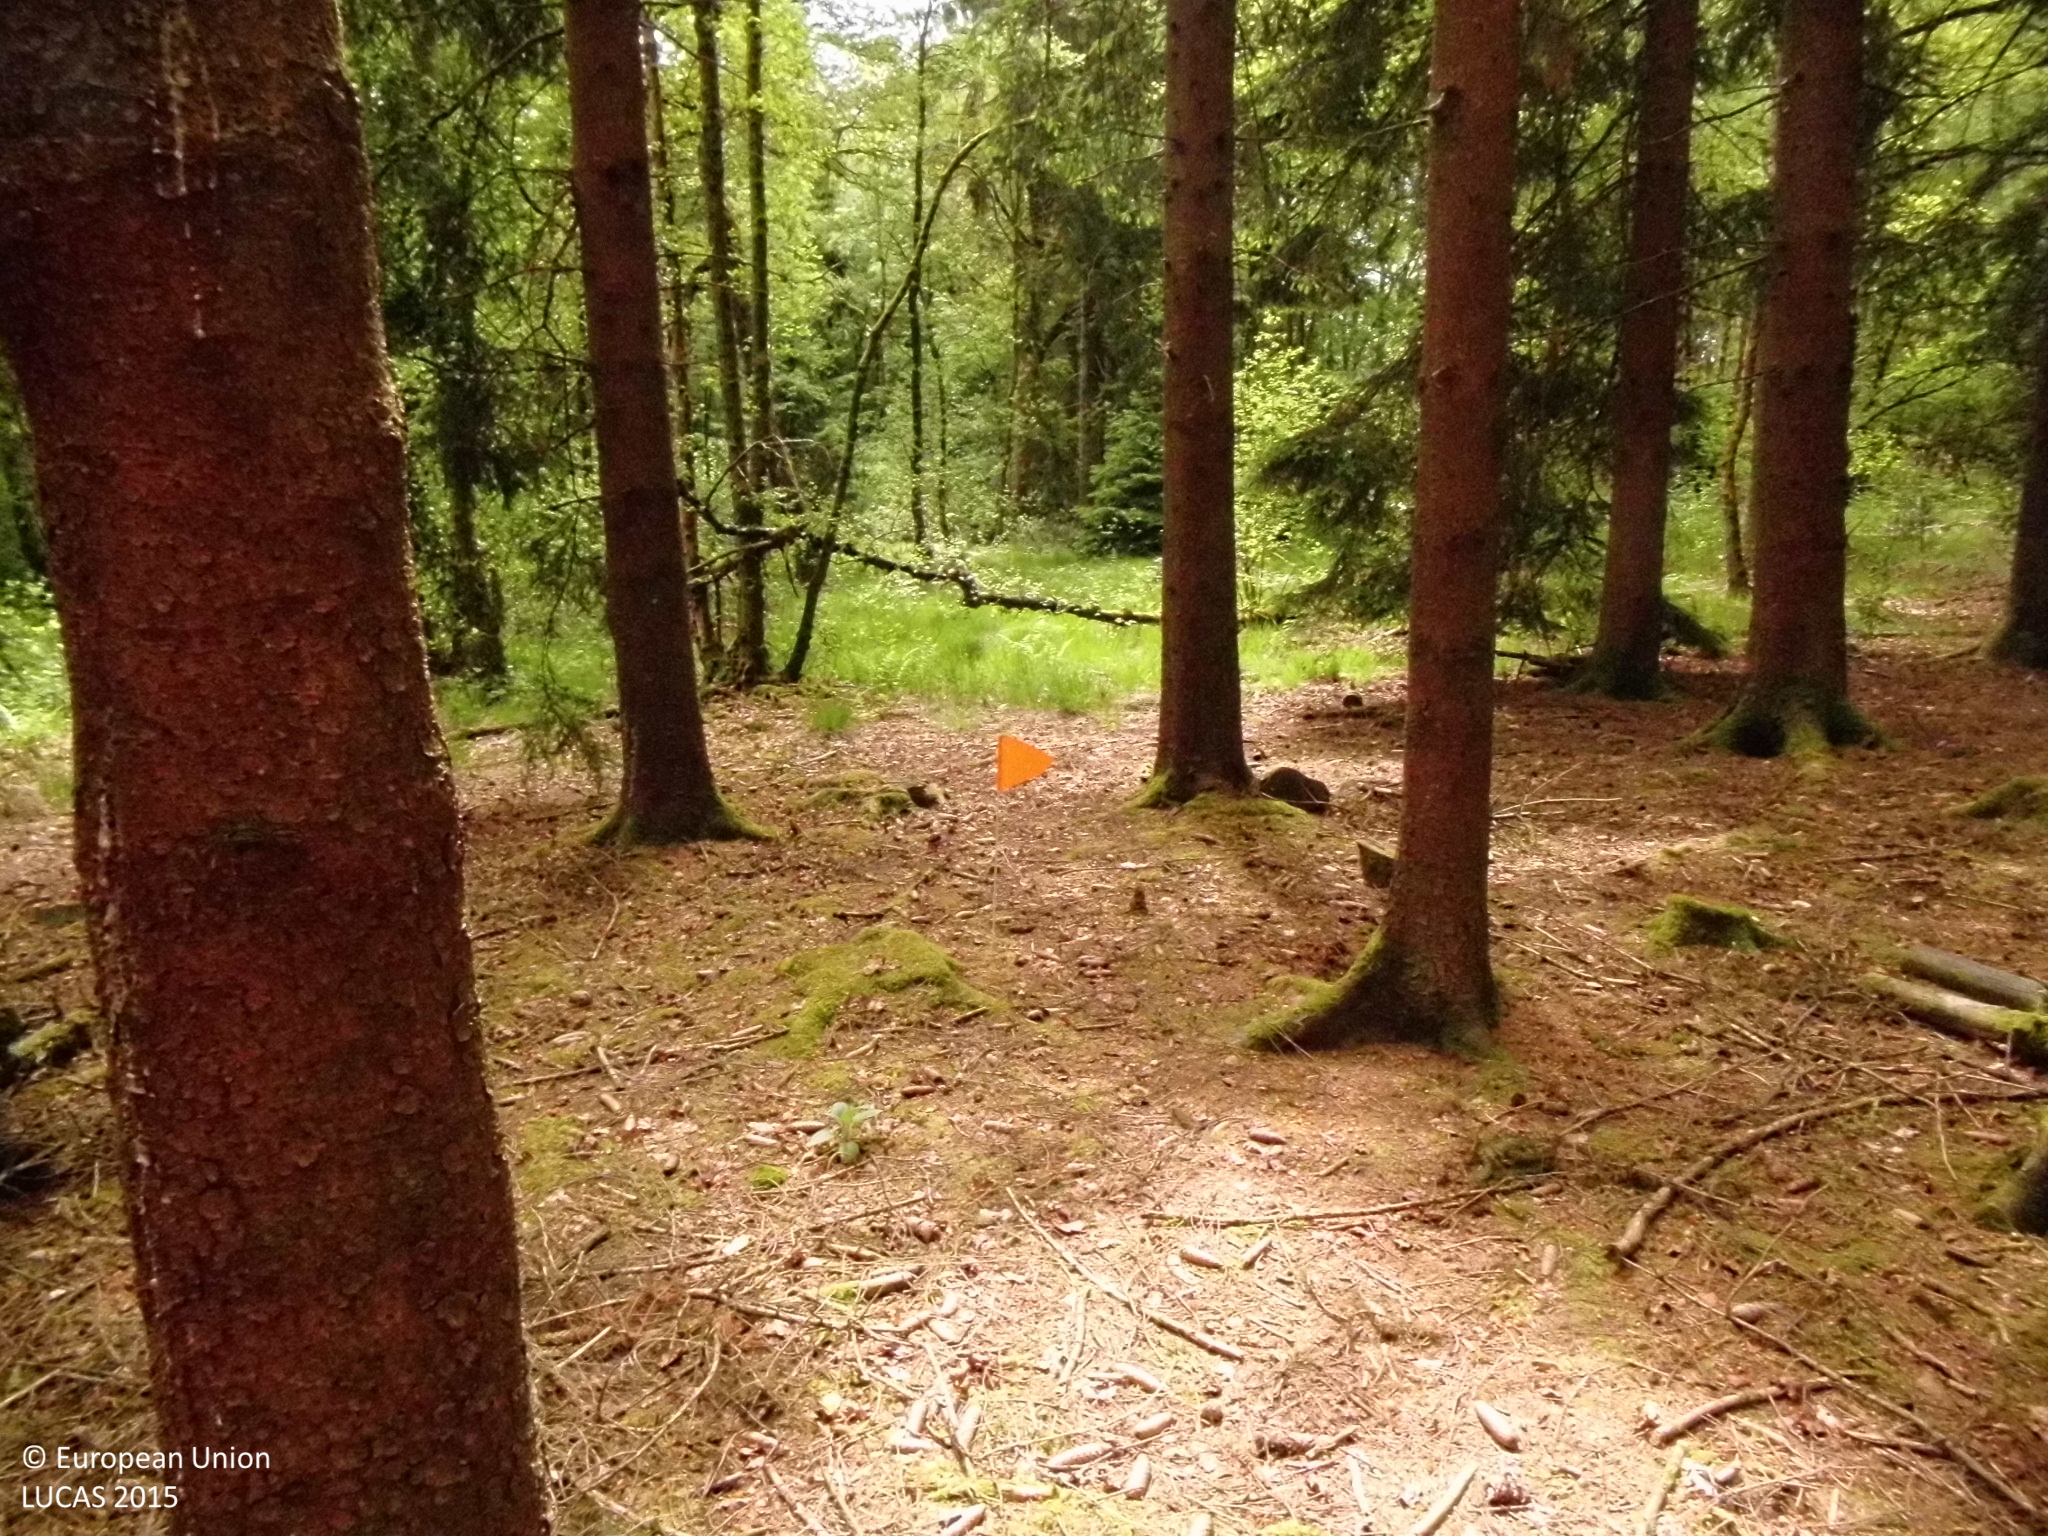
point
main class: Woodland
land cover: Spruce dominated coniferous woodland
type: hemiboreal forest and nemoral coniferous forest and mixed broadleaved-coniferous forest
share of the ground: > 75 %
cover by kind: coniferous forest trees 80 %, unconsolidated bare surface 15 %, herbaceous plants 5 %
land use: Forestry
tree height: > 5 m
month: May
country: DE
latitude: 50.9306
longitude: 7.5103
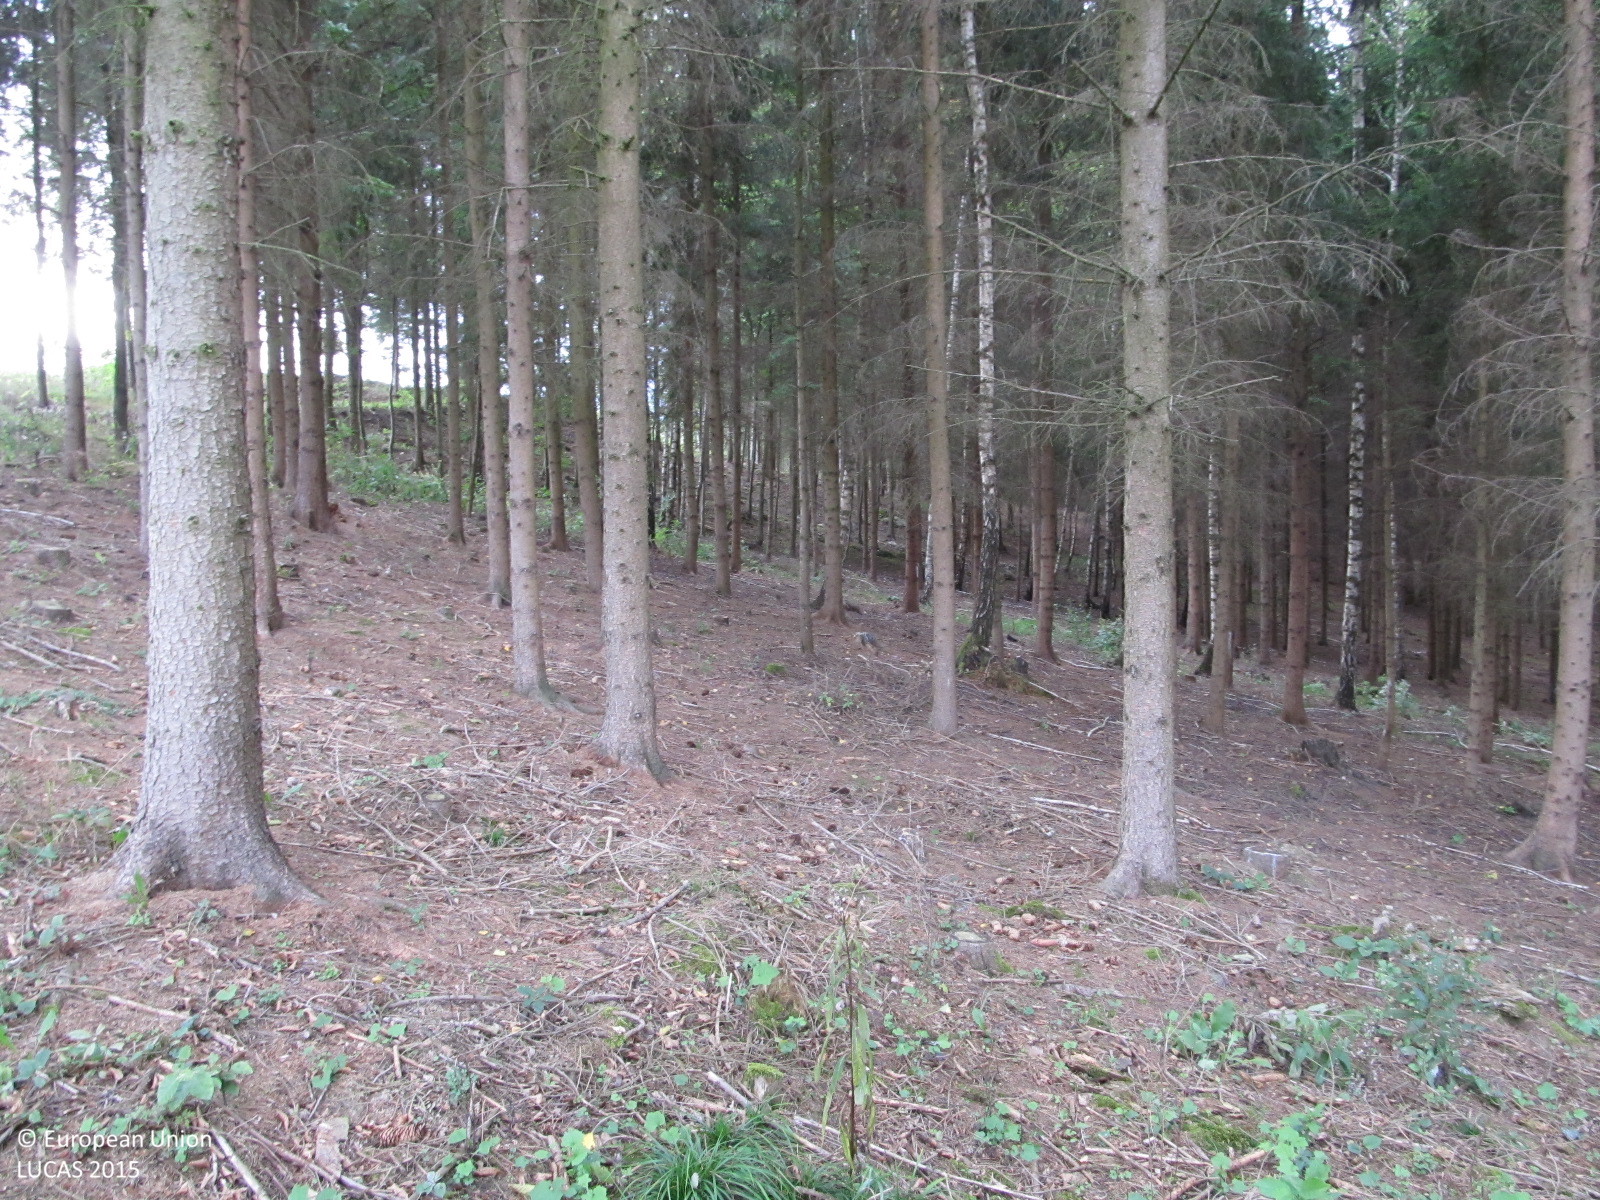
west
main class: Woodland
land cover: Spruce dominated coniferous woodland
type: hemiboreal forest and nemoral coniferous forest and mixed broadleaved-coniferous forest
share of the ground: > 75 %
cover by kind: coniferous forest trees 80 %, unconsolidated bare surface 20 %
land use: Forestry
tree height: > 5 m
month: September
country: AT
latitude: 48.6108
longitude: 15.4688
□ □ □ □
▶ EXERCISE AIM
The line containing "latitude: 50.9306" marks the end; please output exactly the lines of the listing above from its first line through that line, without pictures.

▶ TASK RESULT
point
main class: Woodland
land cover: Spruce dominated coniferous woodland
type: hemiboreal forest and nemoral coniferous forest and mixed broadleaved-coniferous forest
share of the ground: > 75 %
cover by kind: coniferous forest trees 80 %, unconsolidated bare surface 15 %, herbaceous plants 5 %
land use: Forestry
tree height: > 5 m
month: May
country: DE
latitude: 50.9306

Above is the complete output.